Diagnosis of transformation relies on overt malignant cytological features, as necrosis and scattered mitoses can be seen in the usual "benign" giant cell tumor of bone. Immunohistochemical studies are not required for the diagnosis of transformation. Usually there is no evident lineage of maturation, but cases of osteosarcoma have been reported[9, 20‐24]. The incidence of malignancy in GCT varies considerably among studies, with an overall rate of approximately 5% considering the largest series together (table 2). About half were associated with prior irradiation (table 2), but transformation was found in the initial resection in about one third of cases (table 2). Secondary transformation had a latency of up to 28 years[20] in a case that without radiotherapy. Given the wide range of reported incidence of malignancy in giant cell tumor of bone among studies, it is probable that this entity has been over diagnosed in the reported series. Of note, in the publications with the highest rates of malignancy, there was no pathological slide review. In Bertoni's study, pathological review was performed[20], and as a result, the initial diagnosis was revised to something other than malignant transformation of giant cell tumor in 12 of 26 cases initially considered for which slides were available. Anract's study, which did not include pathological review, includes 5 cases with "well differentiated fibrosarcoma"[5], which is much different from the more widely recognized high grade transformation. Likewise, in Domovitov's report, 57% of the cases had the curious diagnosis of "focally" malignant histology. Accordingly, the outcomes in their study were optimistic, with 80% of patients predicted to be recurrence free at 5 years based on their data, compared to the 10-50% overall survival estimated in most other series. Thus, excluding radiation-induced transformation cases, and considering only series with pathological review, the incidence of malignant transformation of giant cell tumor of bone is only about 1%, which is the rate cited in the WHO publication[25].

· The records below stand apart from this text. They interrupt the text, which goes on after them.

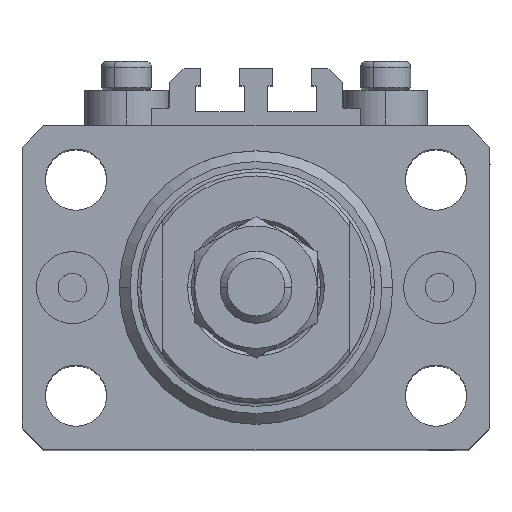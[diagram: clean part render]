
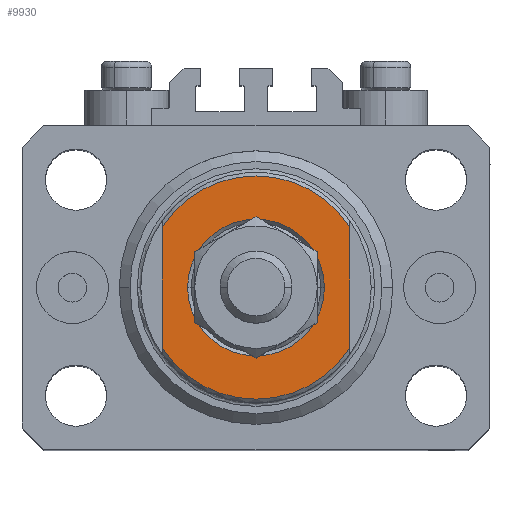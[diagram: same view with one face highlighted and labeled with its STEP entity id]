
A CAD part, top view. The second image highlights one B-rep face of the part: STEP entity #9930.
In plain terms, the highlighted face is planar.
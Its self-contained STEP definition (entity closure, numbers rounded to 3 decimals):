
#1349 = CARTESIAN_POINT ( 'NONE',  ( -13., 8.441, -6.5 ) ) ;
#2757 = EDGE_CURVE ( 'NONE', #11579, #11944, #10032, .T. ) ;
#3660 = CARTESIAN_POINT ( 'NONE',  ( 13., -43.081, -6.5 ) ) ;
#4288 = VECTOR ( 'NONE', #18945, 1000. ) ;
#4504 = DIRECTION ( 'NONE',  ( 0., 0., -1. ) ) ;
#4756 = ORIENTED_EDGE ( 'NONE', *, *, #11704, .T. ) ;
#5113 = DIRECTION ( 'NONE',  ( -1., 0., 0. ) ) ;
#5357 = CARTESIAN_POINT ( 'NONE',  ( 13., 8.441, -6.5 ) ) ;
#6732 = CIRCLE ( 'NONE', #19315, 9.5 ) ;
#6983 = DIRECTION ( 'NONE',  ( -1., 0., 0. ) ) ;
#7581 = CARTESIAN_POINT ( 'NONE',  ( -13., -43.081, -6.5 ) ) ;
#7591 = FACE_BOUND ( 'NONE', #23557, .T. ) ;
#8502 = CARTESIAN_POINT ( 'NONE',  ( 0., 0., -6.5 ) ) ;
#9502 = VECTOR ( 'NONE', #48318, 1000. ) ;
#9930 = ADVANCED_FACE ( 'NONE', ( #7591, #26610 ), #26854, .T. ) ;
#10032 = CIRCLE ( 'NONE', #16285, 15.5 ) ;
#11304 = CARTESIAN_POINT ( 'NONE',  ( 0., 0., -6.5 ) ) ;
#11524 = LINE ( 'NONE', #7581, #4288 ) ;
#11579 = VERTEX_POINT ( 'NONE', #1349 ) ;
#11704 = EDGE_CURVE ( 'NONE', #24561, #14107, #27946, .T. ) ;
#11854 = ORIENTED_EDGE ( 'NONE', *, *, #24025, .T. ) ;
#11944 = VERTEX_POINT ( 'NONE', #5357 ) ;
#13385 = ORIENTED_EDGE ( 'NONE', *, *, #47901, .T. ) ;
#14107 = VERTEX_POINT ( 'NONE', #32583 ) ;
#15319 = VERTEX_POINT ( 'NONE', #42097 ) ;
#16285 = AXIS2_PLACEMENT_3D ( 'NONE', #17181, #48179, #6983 ) ;
#17181 = CARTESIAN_POINT ( 'NONE',  ( 0., 0., -6.5 ) ) ;
#17387 = CARTESIAN_POINT ( 'NONE',  ( 13., -8.441, -6.5 ) ) ;
#18945 = DIRECTION ( 'NONE',  ( 0., -1., 0. ) ) ;
#19187 = DIRECTION ( 'NONE',  ( 0., 0., -1. ) ) ;
#19315 = AXIS2_PLACEMENT_3D ( 'NONE', #28581, #43596, #5113 ) ;
#22381 = AXIS2_PLACEMENT_3D ( 'NONE', #11304, #19187, #45808 ) ;
#23557 = EDGE_LOOP ( 'NONE', ( #13385, #43958 ) ) ;
#24025 = EDGE_CURVE ( 'NONE', #11944, #24561, #34252, .T. ) ;
#24561 = VERTEX_POINT ( 'NONE', #17387 ) ;
#26610 = FACE_OUTER_BOUND ( 'NONE', #28612, .T. ) ;
#26737 = CARTESIAN_POINT ( 'NONE',  ( 0., 0., -6.5 ) ) ;
#26854 = PLANE ( 'NONE',  #22381 ) ;
#27946 = CIRCLE ( 'NONE', #45244, 15.5 ) ;
#28581 = CARTESIAN_POINT ( 'NONE',  ( 0., 0., -6.5 ) ) ;
#28612 = EDGE_LOOP ( 'NONE', ( #39454, #11854, #4756, #46003 ) ) ;
#32583 = CARTESIAN_POINT ( 'NONE',  ( -13., -8.441, -6.5 ) ) ;
#34252 = LINE ( 'NONE', #3660, #9502 ) ;
#34638 = CARTESIAN_POINT ( 'NONE',  ( 9.5, 0., -6.5 ) ) ;
#37862 = EDGE_CURVE ( 'NONE', #11579, #14107, #11524, .T. ) ;
#39454 = ORIENTED_EDGE ( 'NONE', *, *, #2757, .T. ) ;
#39779 = EDGE_CURVE ( 'NONE', #42169, #15319, #6732, .T. ) ;
#40860 = AXIS2_PLACEMENT_3D ( 'NONE', #8502, #43229, #42305 ) ;
#41518 = DIRECTION ( 'NONE',  ( -1., 0., 0. ) ) ;
#42097 = CARTESIAN_POINT ( 'NONE',  ( -9.5, 0., -6.5 ) ) ;
#42169 = VERTEX_POINT ( 'NONE', #34638 ) ;
#42305 = DIRECTION ( 'NONE',  ( -1., 0., 0. ) ) ;
#43229 = DIRECTION ( 'NONE',  ( 0., 0., 1. ) ) ;
#43596 = DIRECTION ( 'NONE',  ( 0., 0., 1. ) ) ;
#43958 = ORIENTED_EDGE ( 'NONE', *, *, #39779, .T. ) ;
#44794 = CIRCLE ( 'NONE', #40860, 9.5 ) ;
#45244 = AXIS2_PLACEMENT_3D ( 'NONE', #26737, #4504, #41518 ) ;
#45808 = DIRECTION ( 'NONE',  ( -1., 0., 0. ) ) ;
#46003 = ORIENTED_EDGE ( 'NONE', *, *, #37862, .F. ) ;
#47901 = EDGE_CURVE ( 'NONE', #15319, #42169, #44794, .T. ) ;
#48179 = DIRECTION ( 'NONE',  ( 0., 0., -1. ) ) ;
#48318 = DIRECTION ( 'NONE',  ( 0., -1., 0. ) ) ;
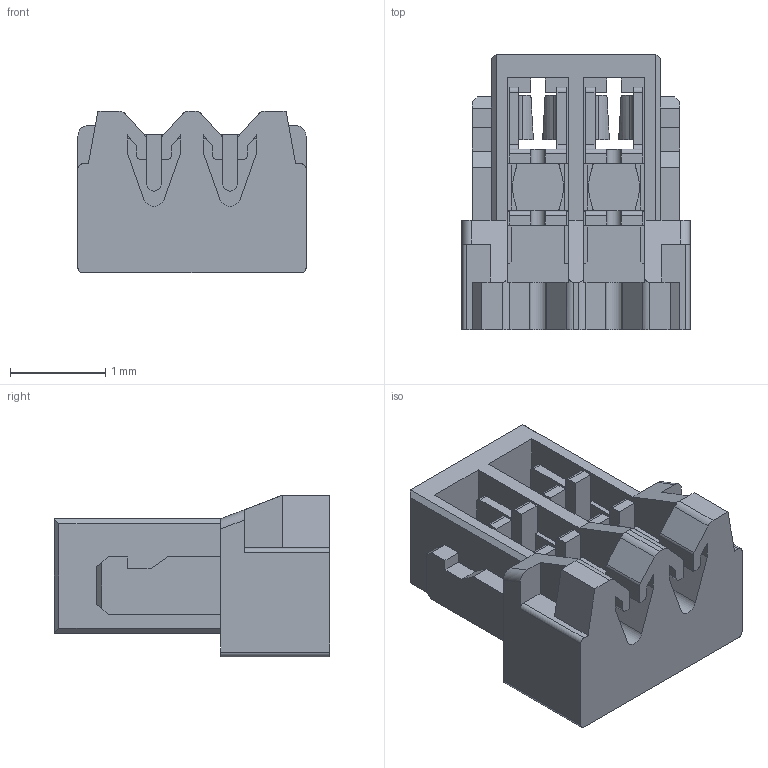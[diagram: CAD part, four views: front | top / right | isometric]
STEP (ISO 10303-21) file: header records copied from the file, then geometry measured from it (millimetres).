
FILE_DESCRIPTION(/* description */ ('Unknown'),/* implementation_level */ '2;1');
FILE_NAME(/* name */ '689002114322',/* time_stamp */ '2023-07-07T13:52:58+02:00',/* author */ ('Unknown'),/* organization */ ('Unknown'),/* preprocessor_version */ 'ST-DEVELOPER v18.102',/* originating_system */ 'Solid Edge',/* authorisation */ 'Unknown');
FILE_SCHEMA (('AUTOMOTIVE_DESIGN {1 0 10303 214 3 1 1}'));
Length unit declared in the file: millimetre
Products named in the file (3): 6890xx114322; 6890xx114322_Housing; 6890xx114322_Pin
Assembly tree (3 placements, depth 2):
  6890xx114322
    6890xx114322_Housing
    6890xx114322_Pin  x2
Bounding box: 2.4 x 2.9 x 1.7 mm (x, y, z)
Volume: 5.7 mm3; surface area: 52.4 mm2
Topology: 3 solids, 3 shells, 346 faces, 1012 edges, 668 vertices
Faces by surface type: plane 236, cylinder 94, torus 8, bspline 8
Entity records: 8831 total; most frequent: CARTESIAN_POINT 1682, ORIENTED_EDGE 1550, DIRECTION 1399, EDGE_CURVE 775, LINE 621, VECTOR 621, VERTEX_POINT 512, AXIS2_PLACEMENT_3D 389
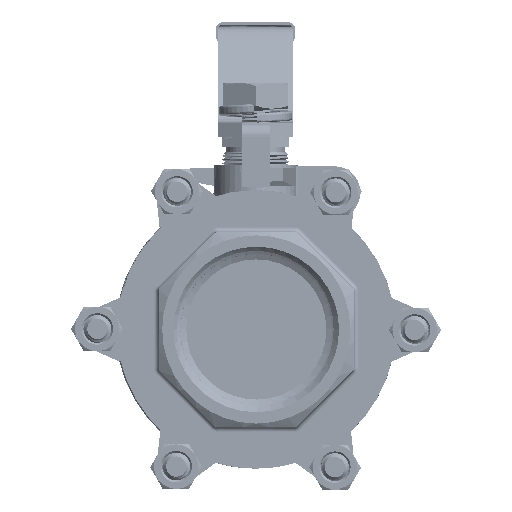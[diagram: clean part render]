
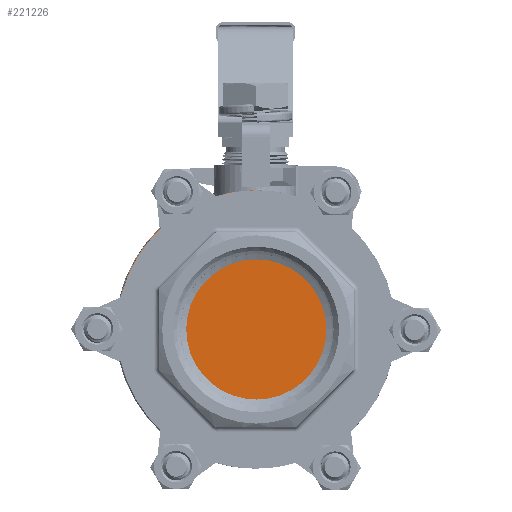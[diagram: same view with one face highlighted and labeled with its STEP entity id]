
A CAD part, front view. The second image highlights one B-rep face of the part: STEP entity #221226.
In plain terms, the highlighted planar face has unit normal (0, -1, 0).
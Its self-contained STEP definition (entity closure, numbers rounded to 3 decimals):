
#221210=CARTESIAN_POINT('',(0.,-39.8,0.359));
#221211=DIRECTION('',(0.,-1.,0.));
#221212=DIRECTION('',(0.,0.,-1.));
#221213=AXIS2_PLACEMENT_3D('',#221210,#221211,#221212);
#221214=PLANE('',#221213);
#221215=CARTESIAN_POINT('',(-0.,-39.8,-59.056));
#221216=VERTEX_POINT('',#221215);
#221217=CARTESIAN_POINT('',(0.,-39.8,0.359));
#221218=DIRECTION('',(-0.,1.,-0.));
#221219=DIRECTION('',(0.,0.,-1.));
#221220=AXIS2_PLACEMENT_3D('',#221217,#221218,#221219);
#221221=CIRCLE('',#221220,59.415);
#221222=EDGE_CURVE('',#221216,#221216,#221221,.T.);
#221223=ORIENTED_EDGE('',*,*,#221222,.F.);
#221224=EDGE_LOOP('',(#221223));
#221225=FACE_BOUND('',#221224,.T.);
#221226=ADVANCED_FACE('',(#221225),#221214,.T.);
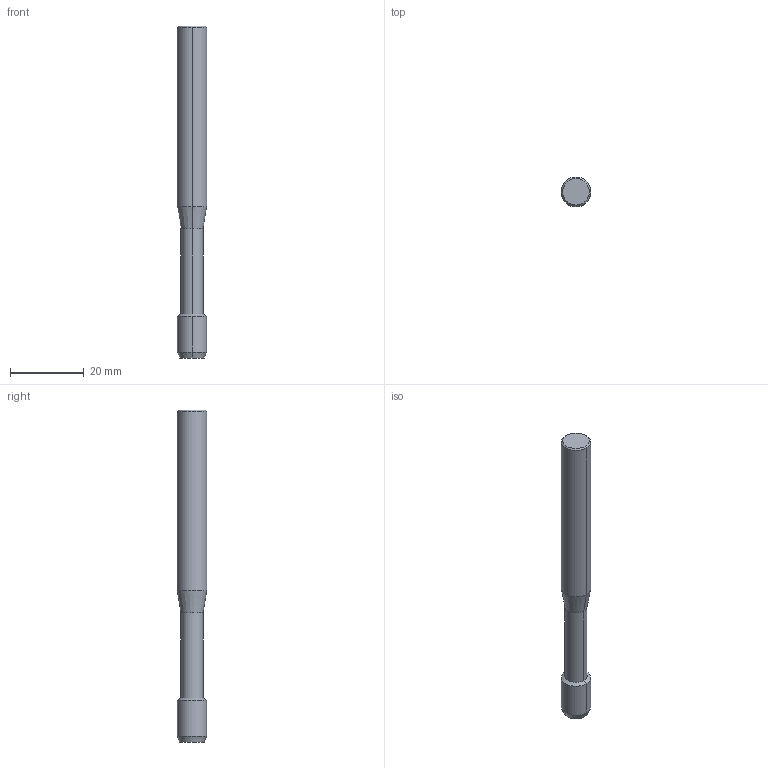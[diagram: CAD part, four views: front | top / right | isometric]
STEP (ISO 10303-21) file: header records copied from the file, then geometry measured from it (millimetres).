
FILE_DESCRIPTION(('no description'),'unknown implementation level');
FILE_NAME('solidWNtRa_wEL2zg6f28htrvfdkR2H8_1.STP',' ',('CIMSOURCE GmbH'),('CADClick - KiM GmbH - www.kimweb.de'),'unknown preprocess','ACIS','unknown authorization');
FILE_SCHEMA(('automotive_design'));
Length unit declared in the file: millimetre
Products named in the file (2): 1; 2
Bounding box: 8 x 8 x 90 mm (x, y, z)
Volume: 3918.3 mm3; surface area: 2642.5 mm2
Topology: 2 solids, 2 shells, 26 faces, 50 edges, 28 vertices
Faces by surface type: cone 12, cylinder 10, plane 4
Entity records: 1317 total; most frequent: DIRECTION 140, CARTESIAN_POINT 109, STYLED_ITEM 106, PRESENTATION_STYLE_ASSIGNMENT 106, COLOUR_RGB 106, ORIENTED_EDGE 100, AXIS2_PLACEMENT_3D 59, EDGE_CURVE 50

We report here the case of a giant cell tumor of the proximal tibia of a 29 year old man treated with aggressive curettage that recurred 4 years later with malignant transformation and "benign" metastases to the lung. Recurrence, malignant transformation, and metastasis with "benign" morphology all occur in giant cell tumor of bone. This is the first report of all three occurring in a single patient. The influence of local recurrence on malignant transformation and pulmonary metastases is largely unknown. Malignant transformation has been reported most frequently with radiation even in nonrecurrent tumors. Similarly, benign pulmonary metastases have been reported to occur in recurrent and nonrecurrent tumors. The current report adds little to the discussion of the fate of locally recurrent giant cell tumor of bone. The molecular pathways leading to giant cell tumors of bone are still largely uncharacterized.

Written informed consent was obtained from the patient for publication of this case report and accompanying images. A copy of the written consent is available for review by the Editor-in Chief of this Journal.